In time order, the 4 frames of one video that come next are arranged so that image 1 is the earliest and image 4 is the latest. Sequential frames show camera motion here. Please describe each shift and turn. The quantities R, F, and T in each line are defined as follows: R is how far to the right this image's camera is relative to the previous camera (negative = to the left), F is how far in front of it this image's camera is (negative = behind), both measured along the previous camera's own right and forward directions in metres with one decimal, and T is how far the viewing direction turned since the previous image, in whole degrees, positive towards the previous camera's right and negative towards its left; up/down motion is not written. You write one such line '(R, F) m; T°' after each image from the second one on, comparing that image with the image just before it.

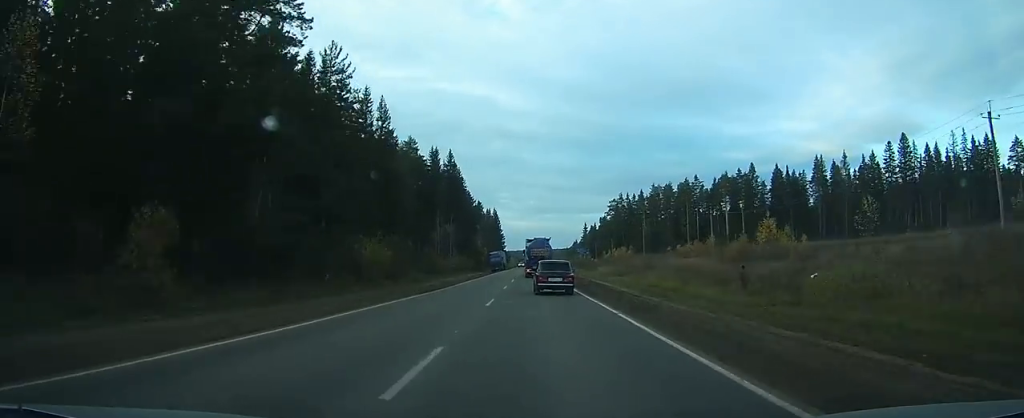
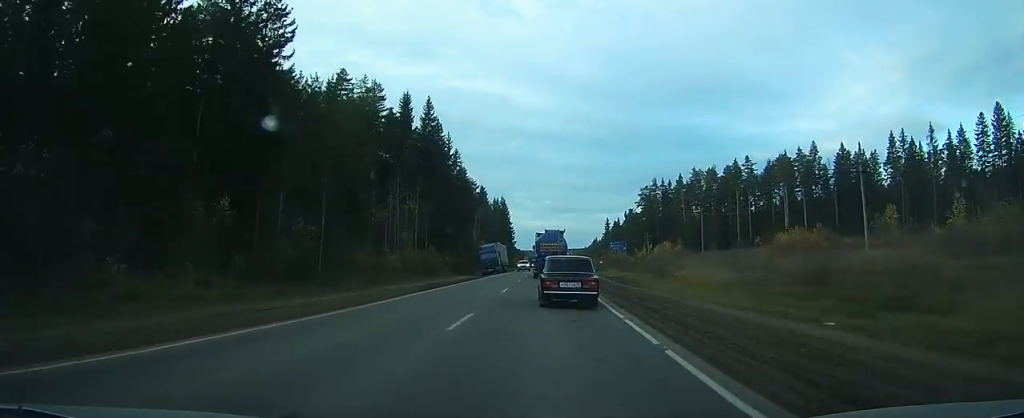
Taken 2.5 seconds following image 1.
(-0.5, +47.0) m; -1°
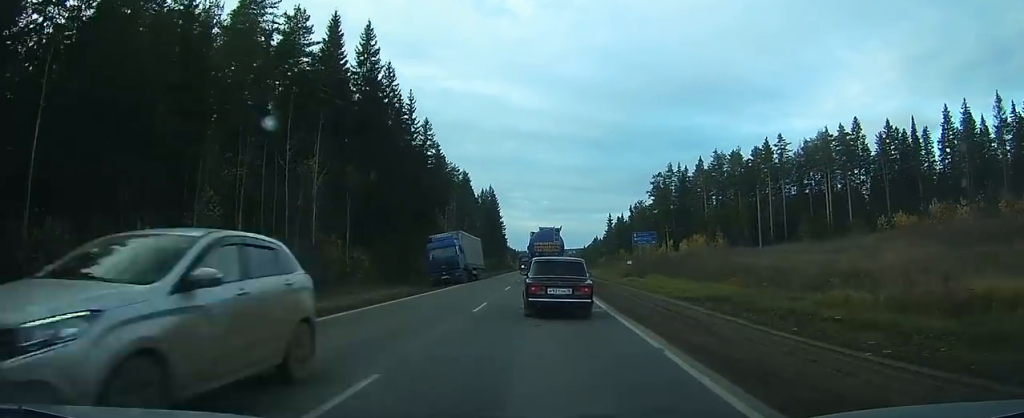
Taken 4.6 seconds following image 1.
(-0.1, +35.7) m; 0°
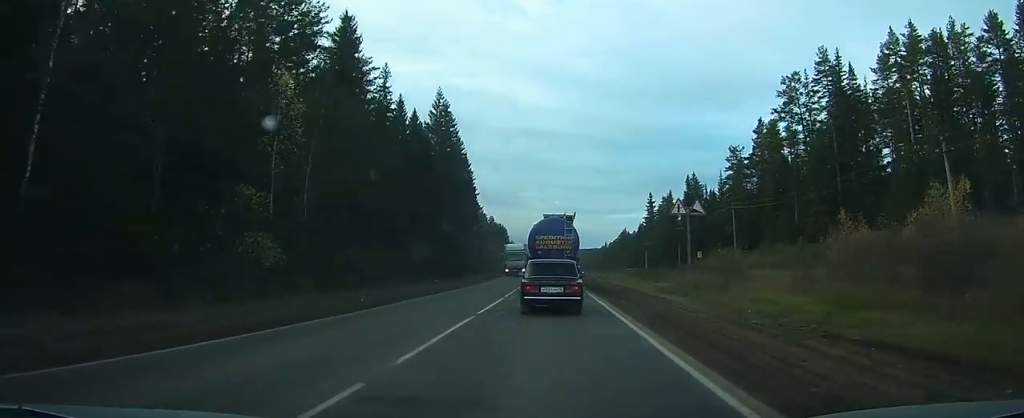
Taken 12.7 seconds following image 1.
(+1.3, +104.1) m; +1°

----------------

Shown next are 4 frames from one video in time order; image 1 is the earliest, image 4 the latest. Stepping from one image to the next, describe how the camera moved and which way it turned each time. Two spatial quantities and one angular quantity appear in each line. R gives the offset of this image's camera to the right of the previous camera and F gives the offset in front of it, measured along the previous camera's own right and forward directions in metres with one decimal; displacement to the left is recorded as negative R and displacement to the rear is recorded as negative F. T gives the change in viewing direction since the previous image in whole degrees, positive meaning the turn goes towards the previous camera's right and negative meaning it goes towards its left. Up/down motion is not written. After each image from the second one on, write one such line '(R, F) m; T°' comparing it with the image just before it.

----------------

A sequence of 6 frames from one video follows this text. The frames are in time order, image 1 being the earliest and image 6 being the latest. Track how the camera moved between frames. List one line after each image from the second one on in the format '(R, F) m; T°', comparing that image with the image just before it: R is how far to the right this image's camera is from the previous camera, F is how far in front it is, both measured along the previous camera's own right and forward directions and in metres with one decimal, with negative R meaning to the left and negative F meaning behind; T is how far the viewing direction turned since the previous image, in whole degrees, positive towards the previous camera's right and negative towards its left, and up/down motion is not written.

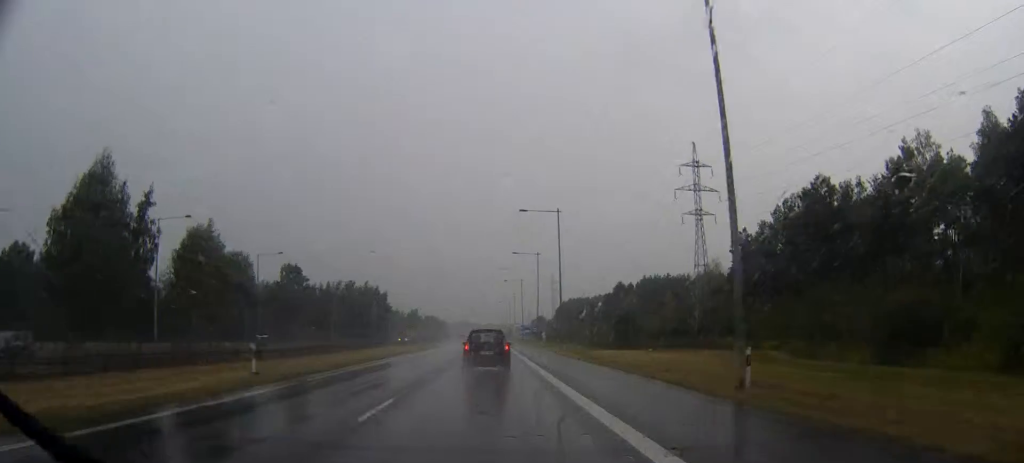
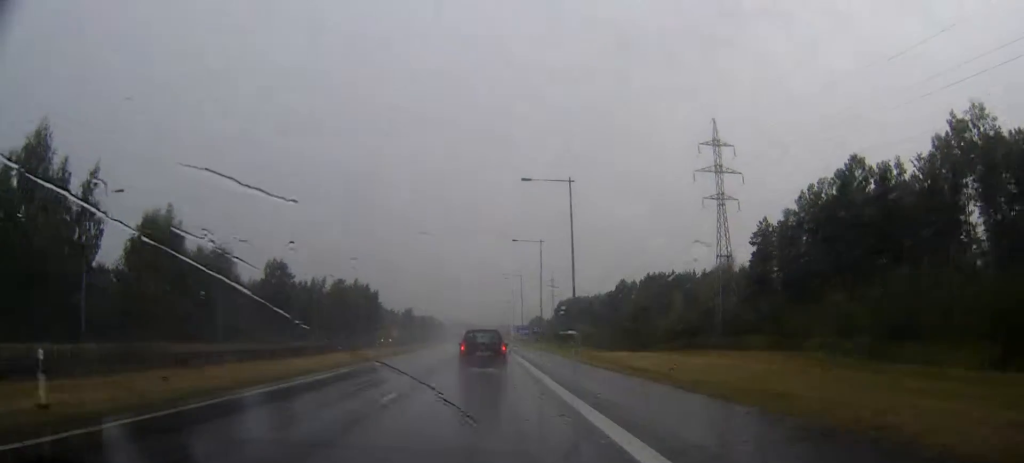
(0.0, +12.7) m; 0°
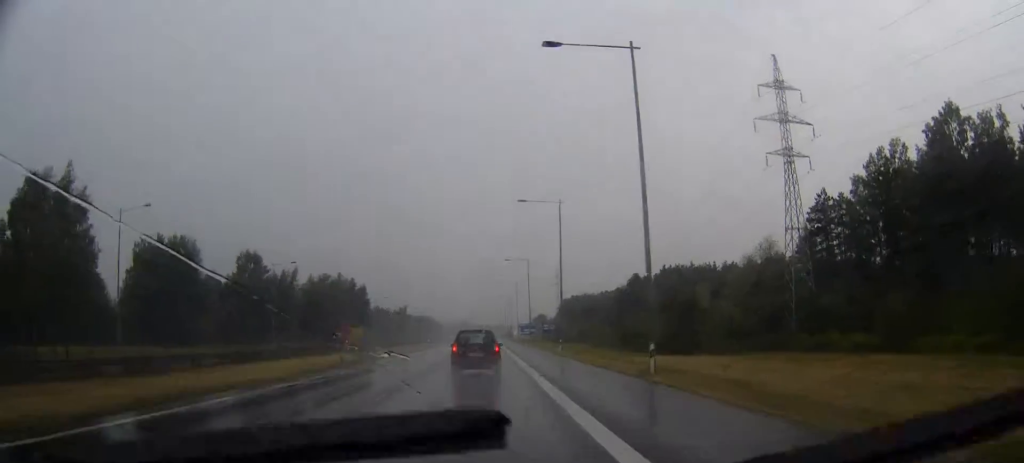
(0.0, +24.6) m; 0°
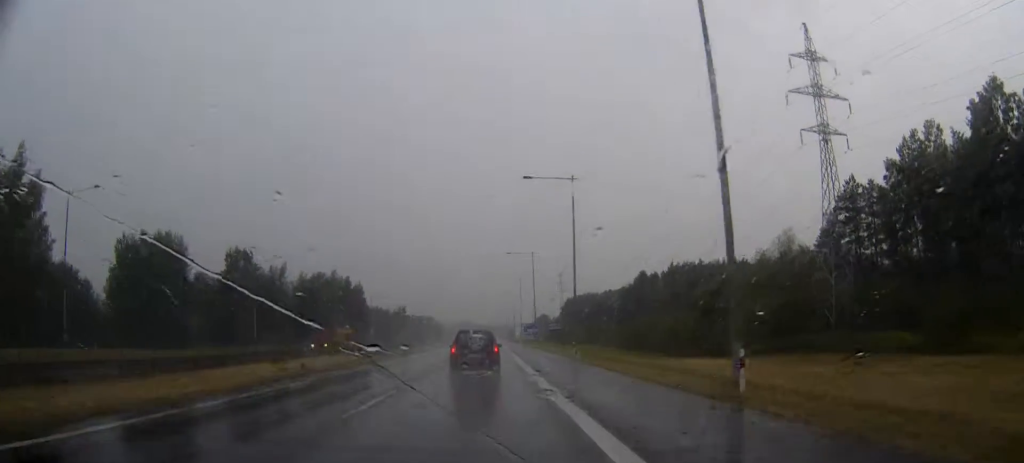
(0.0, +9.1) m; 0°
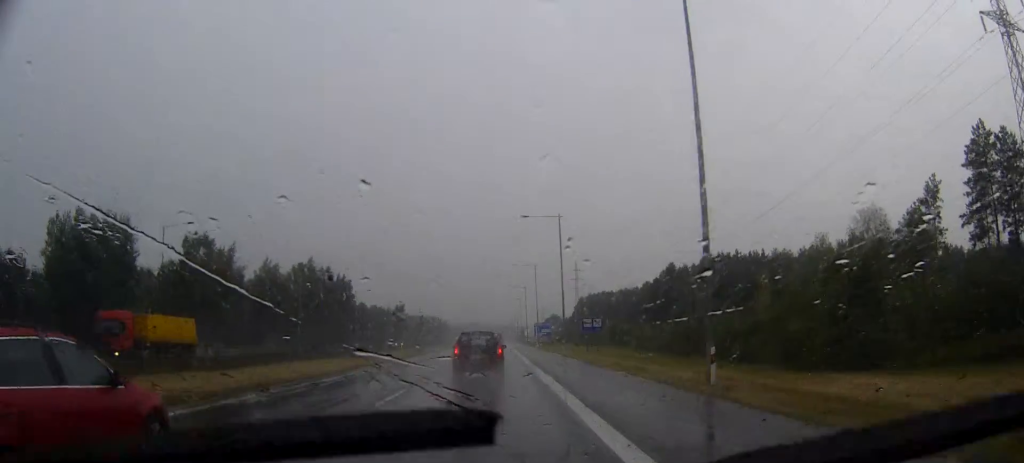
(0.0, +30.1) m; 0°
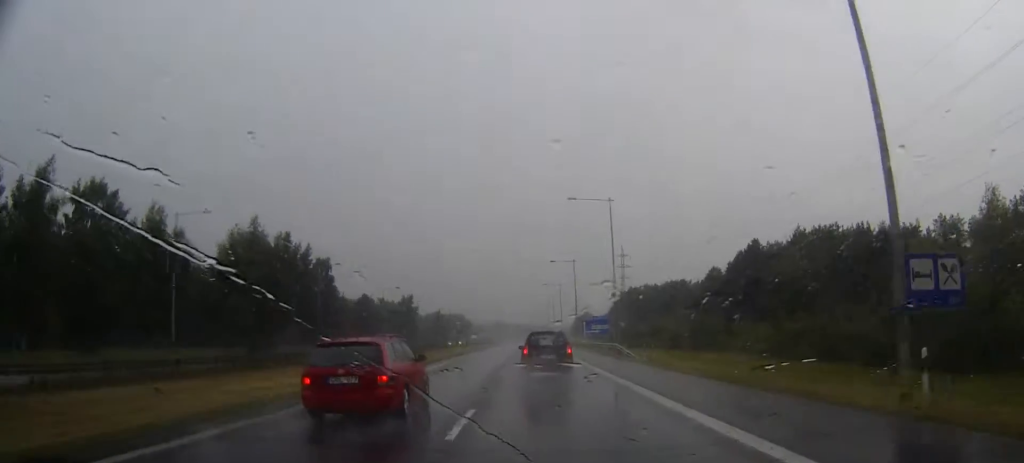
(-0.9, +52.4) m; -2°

----------------

About this exercise = Which lines of the records above contain the word "describe"? Report each one.

Solution to this task =
In time order, the 4 frames of one video that come next are arranged so that image 1 is the earliest and image 4 is the latest. Sequential frames show camera motion here. Please describe each shift and turn. The quantities R, F, and T in each line are defined as follows: R is how far to the right this image's camera is relative to the previous camera (negative = to the left), F is how far in front of it this image's camera is (negative = behind), both measured along the previous camera's own right and forward directions in metres with one decimal, and T is how far the viewing direction turned since the previous image, in whole degrees, positive towards the previous camera's right and negative towards its left; up/down motion is not written. You write one such line '(R, F) m; T°' after each image from the second one on, comparing that image with the image just before it.
Shown next are 4 frames from one video in time order; image 1 is the earliest, image 4 the latest. Stepping from one image to the next, describe how the camera moved and which way it turned each time. Two spatial quantities and one angular quantity appear in each line. R gives the offset of this image's camera to the right of the previous camera and F gives the offset in front of it, measured along the previous camera's own right and forward directions in metres with one decimal; displacement to the left is recorded as negative R and displacement to the rear is recorded as negative F. T gives the change in viewing direction since the previous image in whole degrees, positive meaning the turn goes towards the previous camera's right and negative meaning it goes towards its left. Up/down motion is not written. After each image from the second one on, write one such line '(R, F) m; T°' comparing it with the image just before it.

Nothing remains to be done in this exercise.